Novel pyrazole‐biphenyl‐carboxamides for SARS‐CoV2 entry‐level restriction and microbial infections

Novel pyrazole-biphenyl-carboxamides for SARS-CoV2 entry-level restriction and microbial infections

Novel pyrazole-biphenyl carboxamides showed dual antimicrobial and SARS-CoV2 entry-level inhibition activity potentials. The antimicrobial activity was broad-spectrum and the in-silico SARS-CoV2 spike protein, a main causative agent of COVID-19, was found to restrict its entry-level interaction with human Angiotensin Converting Enzyme (hACE). Thus, these novel molecules could have been the future drugs to treat both microbial and viral infections.


Abstract

Microbial diseases including viral infection are big issues globally. Effective medicinal discovery for them is the need for the day. In this study, we report pyrazole-biphenyl-carboxamides (4a-l) validated for their SARS-CoV2 entry-level restriction effect over studying the protein–protein interaction of SARS-CoV2 with human ACE protein. Their extended antimicrobial properties were also evaluated.
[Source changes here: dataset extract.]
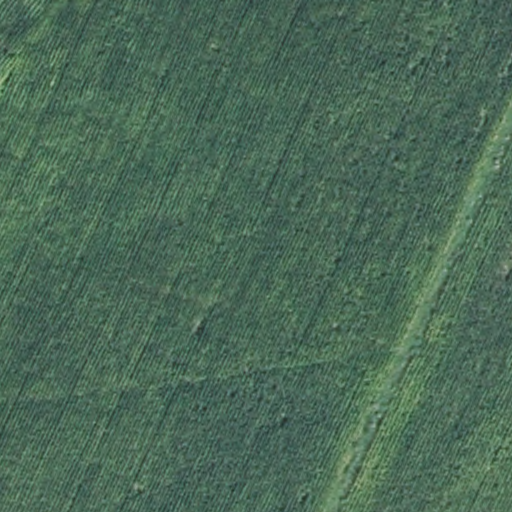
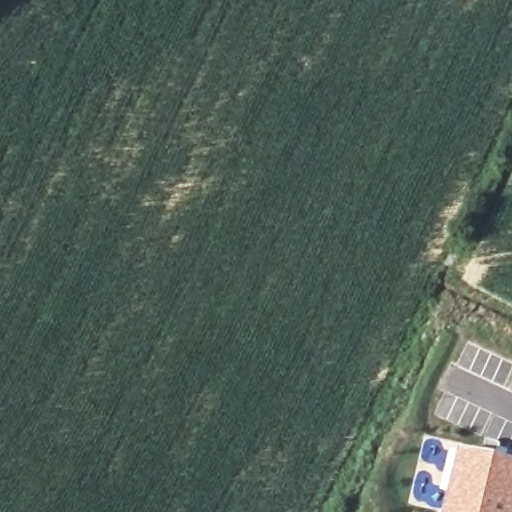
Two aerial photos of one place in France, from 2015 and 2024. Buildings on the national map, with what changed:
new [(512,464),(512,512),(443,512),(457,451),(512,464)]

Online and offline software tools predicted MD simulation and ADMET druggability in silico. The antimicrobial efficacy of all compounds was also evaluated against Gram+ve Streptococcus pneumoniae (MTCC 1936), Staphylococcus aureus (MTCC 737) and Gram-ve Escherichia coli (MTCC 443), Pseudomonas aeruginosa (MTCC 424) (bacteria). In the results, compounds 4g and 4i were evenly active against both bacteria at a low concentration range (MIC: 1.00 to 9.5 μg/mL) and displayed lesser toxicity to tested mammalian cells (EC100 = 75 μg/mL). Furthermore, it was able to kill metabolically inactive bacterial cells and eradicate established biofilms of Methicillin-resistant Staphylococcus aureus (MRSA). Both the compounds inhibited DNA gyrase well with an IC50 0.25 μM (96% relative activity) and 0.52 μM (97% relative activity) respectively. Compounds (4a-l) showed restrictive efficiency of SARS-CoV2 spike protein (SC2SP) and human angiotensin-converting enzyme 2 (hACE2) entry-level association in COVID-19 in silico. To assess this ability, firstly, we identified the crucial amino acid residues involved in the interface of SARS-CoV-2 and hACE2 virtually. We recognized the ability of 4a-l binding to the binding interface to SARS-CoV2; thus, the interaction of SC2SP-hACE2 was effectively inhibited.